Our tendency to typically begin with our understanding of church is exactly why I’ve written a new eBook that we are making available, One-Hour Theology. This eBook gives a brief answer to all three of these questions beginning with the gospel. Visit our resources page and grab a copy of One-Hour Theology today! Peter Drucker is credited with the statement, “Culture eats strategy for breakfast”. This statement is especially true when it relates to the church and how we approach disciple-making. Many churches have what I call a weekend only culture. This weekend only culture is when most of our energy and resources go into creating and sustaining a weekend service that attracts a large number of worshipers who mostly come merely to consume. I know this approach well. I spent most of my early church planting efforts planting this kind of church. As one of my buddies put it, “I think we planted a lot of weekend services, but I’m not sure we planted many churches”. Mike Bream sums it up well when it says, “If you make disciples, you always get the church. But if you make a church, you rarely get disciples”. This may explain why no matter what program or strategy we import into your church we fail to get the disciple-making results we desire. Is there any hope? Absolutely! One of our challenges is we often start with the wrong question, “How do we make more and better disciples?” The better question is, “How do we transition a weekend only culture to a discipleship culture?” The reality is we need to install a new disciple-making operational system. This new operational system begins with an intentional process of reshaping our culture. The process below represents a set of master tools developed by Will Mancini of Auxano. These tools are the best in class for shaping your culture. As a Lead Navigator with Auxano, I have spent the last five years mastering these tools and seeing some amazing discipleship results. Let’s take a few moments to look at them through our disciple- making lens. Rethink
We must begin by confronting the brutal facts. Do we have a disciple-making culture? Chances are you don’t, or you would know it. Matter-of-fact welcome to the club. Very few churches actually have a disciple-making culture. You may have some disciples, but are you really making more and better disciples? Why not take our simple Disciple-Making Culture Assessment.
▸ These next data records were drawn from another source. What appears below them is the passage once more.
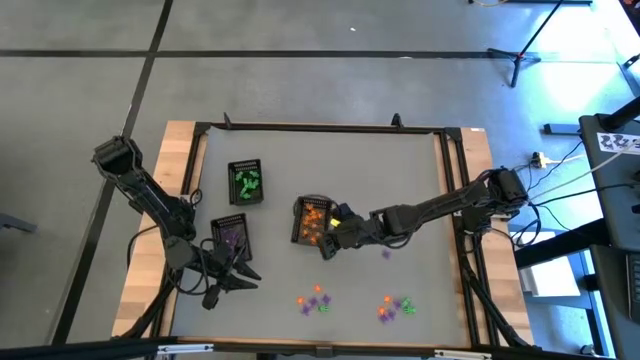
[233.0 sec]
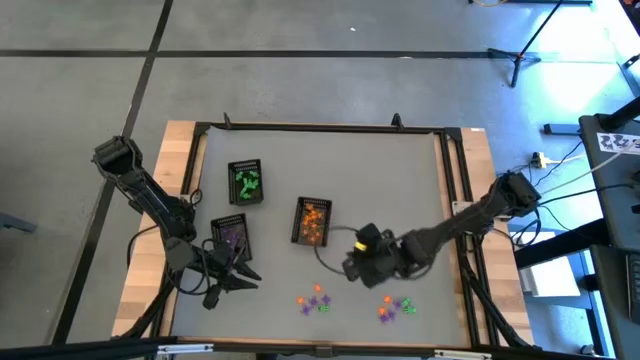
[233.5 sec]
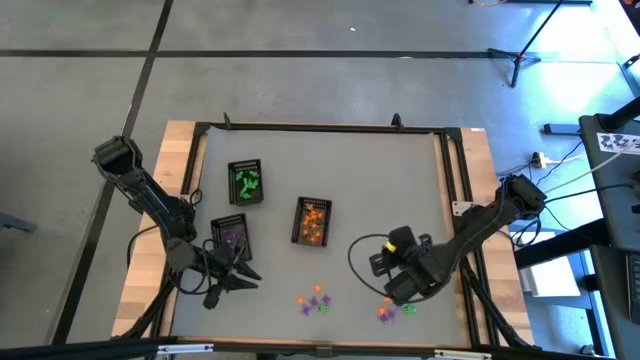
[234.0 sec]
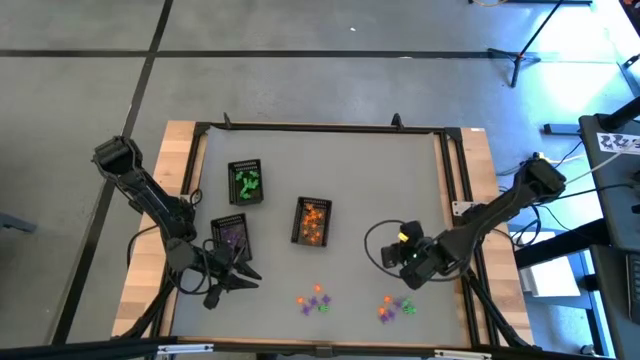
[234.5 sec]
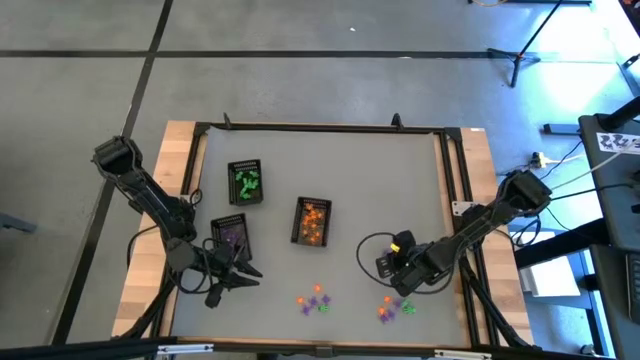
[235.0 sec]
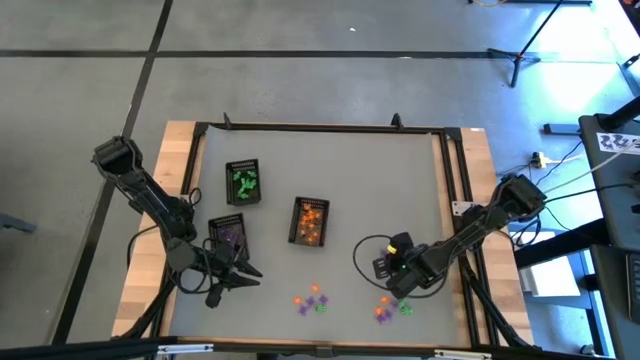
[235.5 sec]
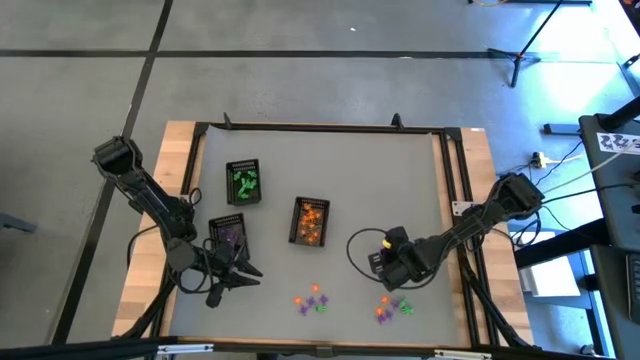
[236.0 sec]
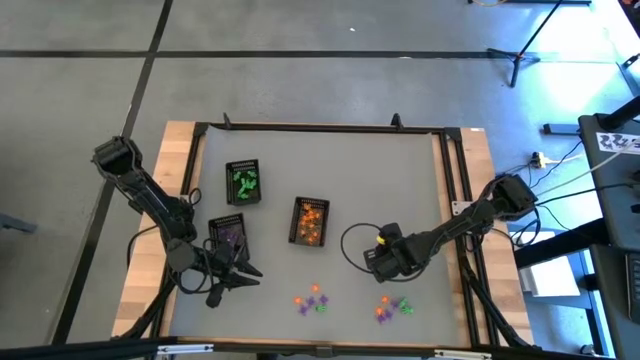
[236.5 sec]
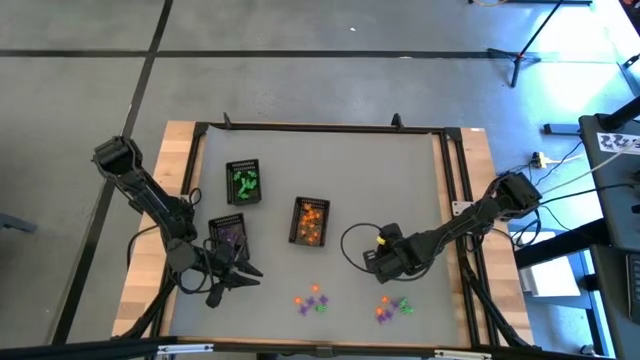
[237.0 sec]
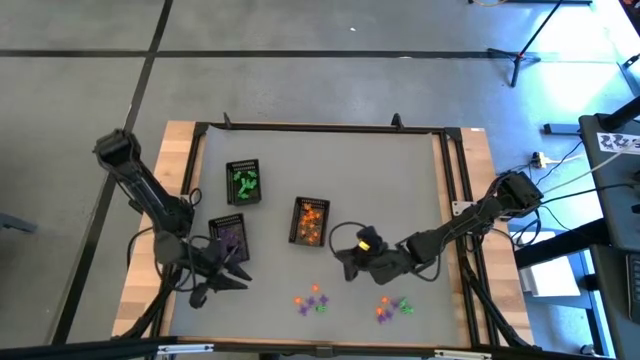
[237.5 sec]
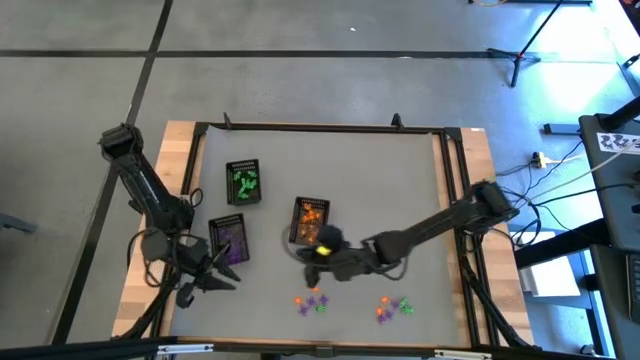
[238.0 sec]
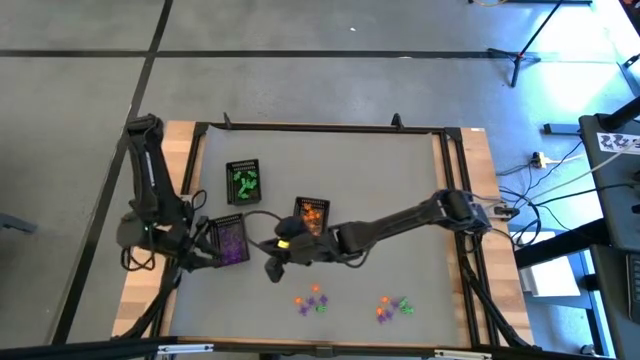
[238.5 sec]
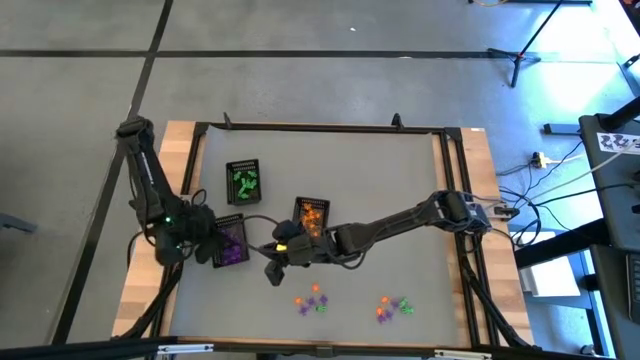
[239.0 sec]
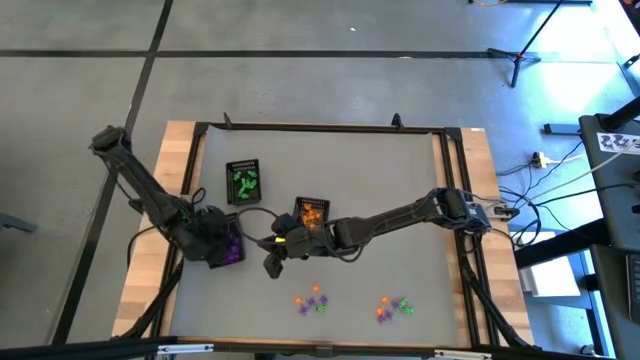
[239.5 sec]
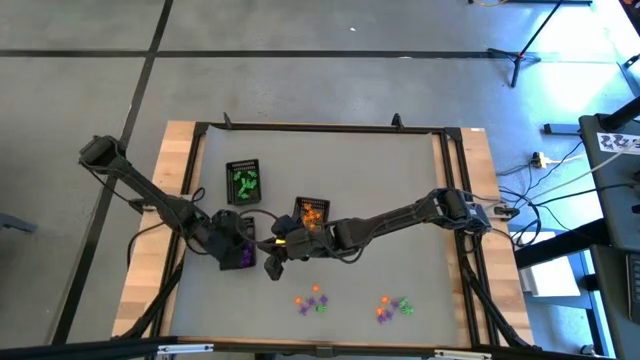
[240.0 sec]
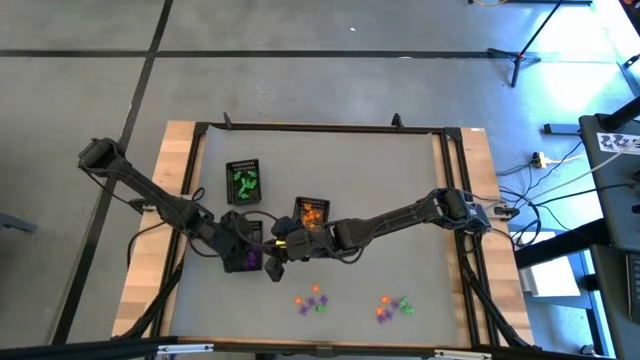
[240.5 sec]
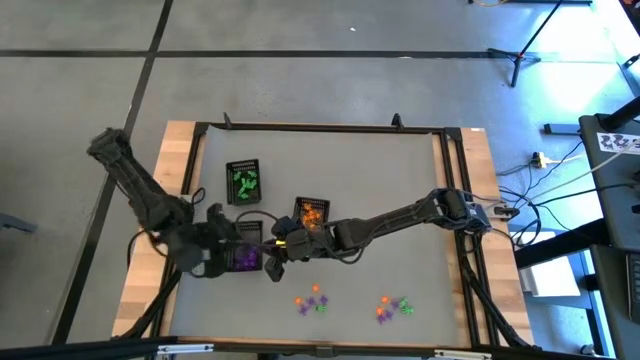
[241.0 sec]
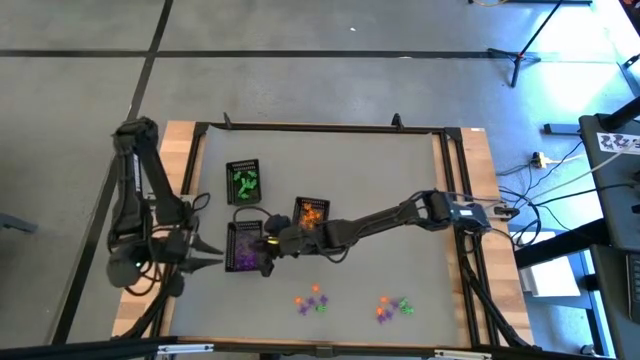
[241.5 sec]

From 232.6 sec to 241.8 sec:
Put the purple spider toy into the bottom left black basket

This tool will help you identify whether or not you have a disciple-making culture and where to begin your disciple-making journey. Uncover One of the keys to a disciple-making culture is to discover your unique disciple-making DNA as a church. This disciple-making DNA is informed by your unique passion, place, and people. Once you discover your DNA, it is time to replicate it in every living cell of your church by reshaping a culture that replicates your DNA. Talk Up To have a disciple-making culture, you must do a deep dive into your identity as a church and develop your disciple-making identity. Here are some key questions you need to ask:
If you, your leadership, and the entire church can’t answer these questions, you probably have an identity issue. Go Ahead Once you have developed your identity it time to discover your disciple-making dream. Ultimately, where is God taking you collectively on this disciple-making journey? What is our disciple-making dream? Once you understand God’s dream for you as a church, you can then and only then begin developing a tactical plan to accomplish that dream. Live Out Culture is the set of shared attitudes, values, goals, and practices that characterizes an organization. Key to developing a disciple-making culture is the intentional integration of disciple-making from the top-down and the inside-out. For a disciple-making culture to replicate throughout an organization, there must be deep ownership and buy-in at the senior staff level, leader level, and ultimately member and attender level. This kind of integration must be intentional and takes time. Here are my observations...many leaders default to what we call generic vision. Generic vision is akin to having no vision at all. There are several different types of generic vision. They all take a kind of general tone like love God and love people, reach more people, or go make disciples.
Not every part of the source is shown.